Social Sciences (Oct 2021)

Randomized Clinical Trial of Primary Care Based Online Depression Prevention Intervention: Impact on Adolescent Modifiable Factors and Behaviors

  • Kushagra B. Gupta,
  • Calvin Rusiewski,
  • Camilla Koczara,
  • Marian Fitzgibbon,
  • Mark Reinecke,
  • Joshua Fogel,
  • Linda Schiffer,
  • Miae Lee,
  • Emily Sykes,
  • Kathy Griffiths,
  • Tracy R. G. Gladstone,
  • Benjamin W. Van Voorhees

DOI
https://doi.org/10.3390/socsci10100385
Journal volume & issue
Vol. 10, no. 10
p. 385

Abstract

Read online

The developmental period of adolescence can pose a risk for the onset of depressive disorders, but is also a time when potentially modifiable factors and behaviors related to depressive episode onset can develop. An online health intervention can provide an opportunity to reach at-risk adolescents in between primary care visits and could impact these modifiable factors and behaviors to support healthy development. We explore the Competent Adulthood Transition with Cognitive-Behavioral, Humanistic, and Interpersonal Therapy (CATCH-IT), a self-directed online cognitive behavioral therapy prevention intervention, and its impact on modifiable factors and behaviors related to: (1) program completion, (2) normative adolescent development, (3) coping, (4) family relations, (5) general health behaviors, and (6) externalizing behaviors, in a primary care sample of adolescents at intermediate to high risk of developing depression.

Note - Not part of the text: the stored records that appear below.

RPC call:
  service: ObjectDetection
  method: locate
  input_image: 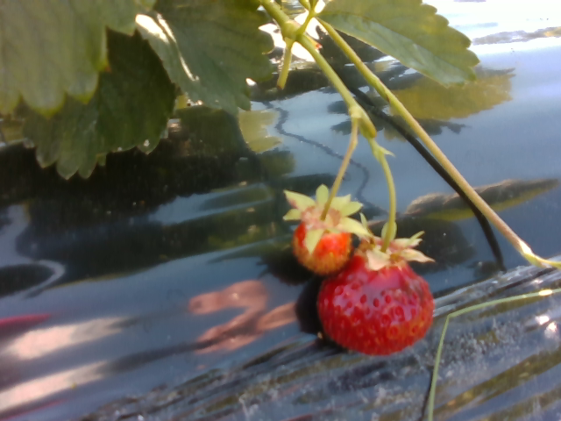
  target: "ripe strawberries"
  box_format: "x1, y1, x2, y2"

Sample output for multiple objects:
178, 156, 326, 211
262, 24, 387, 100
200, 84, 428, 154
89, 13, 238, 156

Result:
292, 207, 350, 270
317, 249, 441, 356
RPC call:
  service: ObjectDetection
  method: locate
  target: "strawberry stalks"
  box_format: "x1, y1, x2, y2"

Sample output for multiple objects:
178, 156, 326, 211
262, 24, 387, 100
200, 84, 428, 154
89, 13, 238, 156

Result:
315, 156, 350, 226
377, 171, 397, 270
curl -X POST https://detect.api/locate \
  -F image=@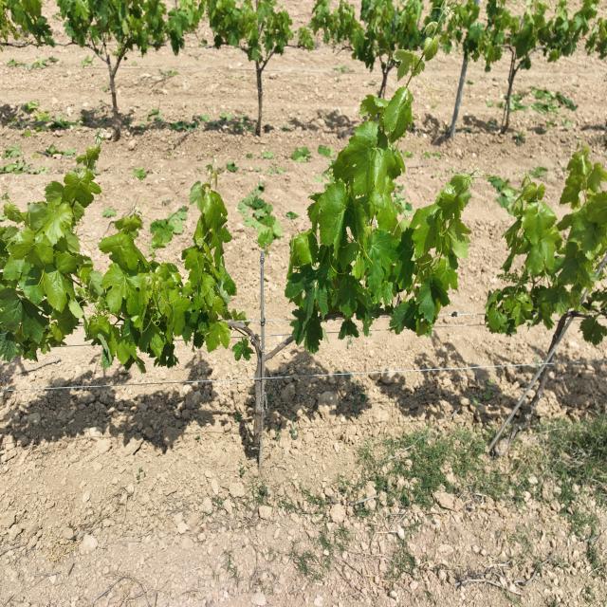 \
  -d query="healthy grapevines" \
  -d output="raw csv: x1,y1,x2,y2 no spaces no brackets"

477,143,607,444
92,112,475,489
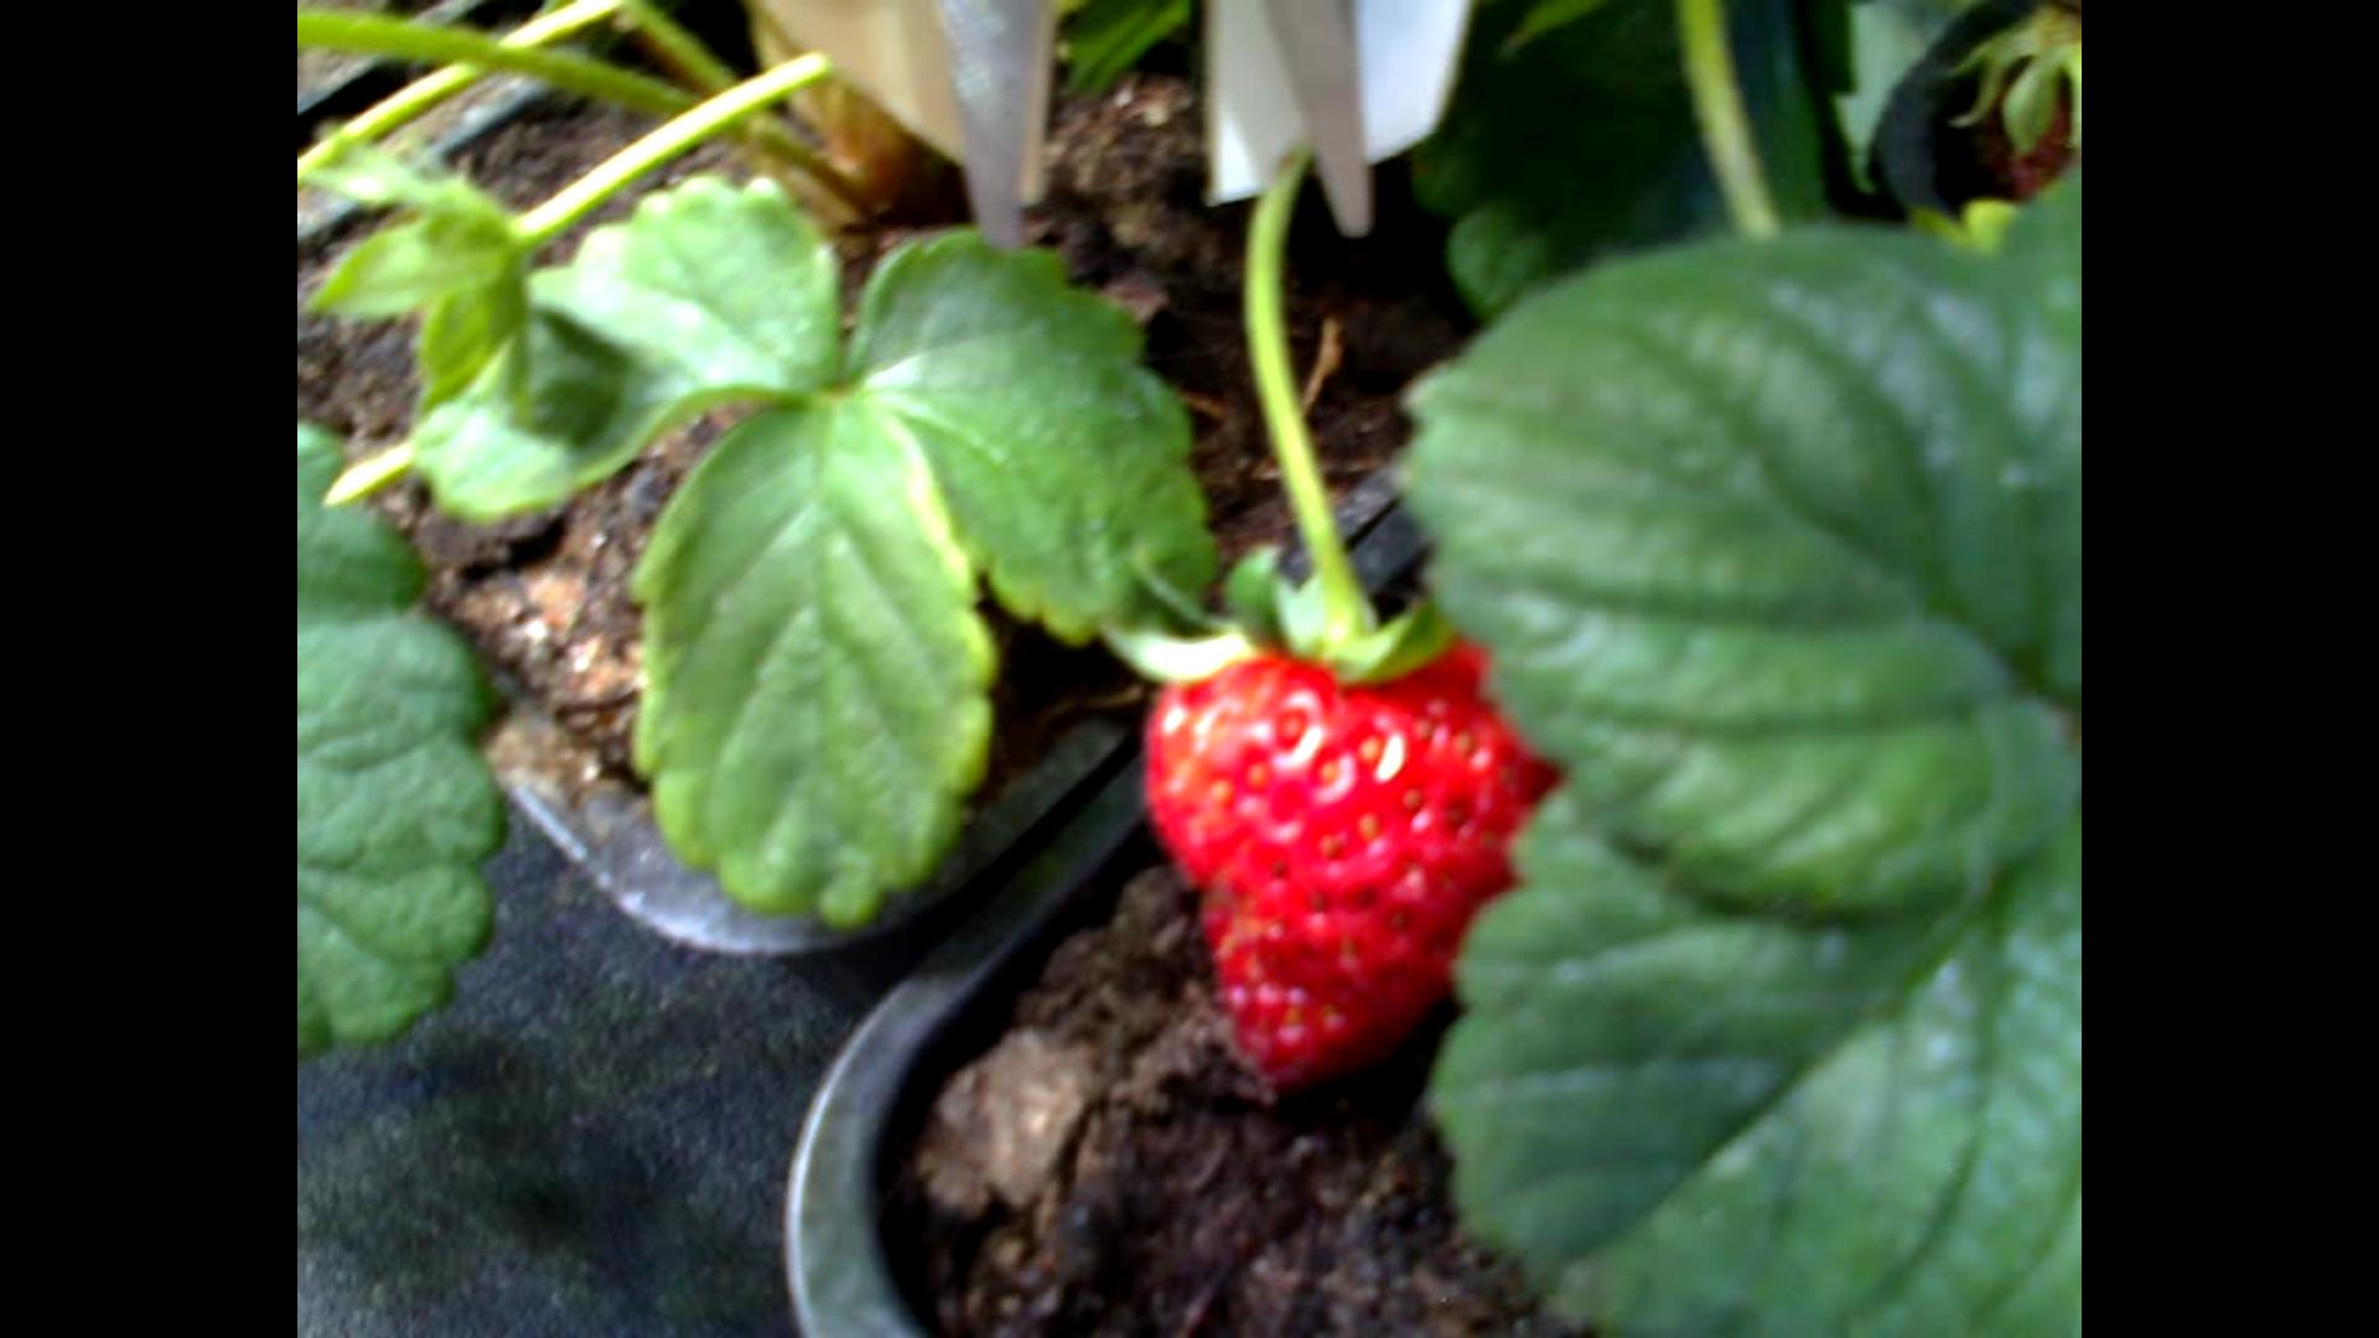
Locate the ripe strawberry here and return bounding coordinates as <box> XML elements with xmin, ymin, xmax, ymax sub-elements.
<box><xmin>1106</xmin><ymin>627</ymin><xmax>1547</xmax><ymax>1107</ymax></box>
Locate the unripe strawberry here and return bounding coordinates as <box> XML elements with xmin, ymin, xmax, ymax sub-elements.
<box><xmin>1252</xmin><ymin>447</ymin><xmax>1427</xmax><ymax>693</ymax></box>
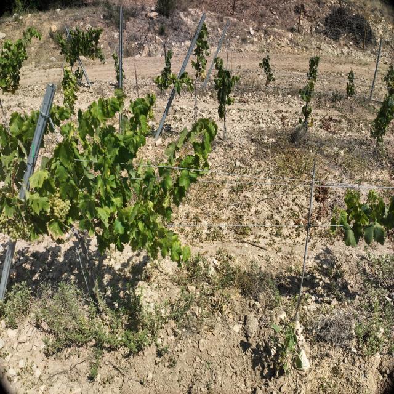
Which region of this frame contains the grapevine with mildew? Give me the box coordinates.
[0,95,222,324]

Adolescents were enrolled into either CATCH-IT or Health Education (HE) control group and followed for 24 months. CATCH-IT improved some factors related to program completion (e.g., motivation, recommendation to peers for depression prevention, and physician positive relationship), coping (e.g., perceived behavior change), and family relations (e.g., parental psychological control, sibling relative status) as compared to HE. HE improved normative adolescent development (e.g., health and loss life events) as compared to CATCH-IT. CATCH-IT utilized in primary care may benefit some at-risk adolescents in selective factors and behaviors.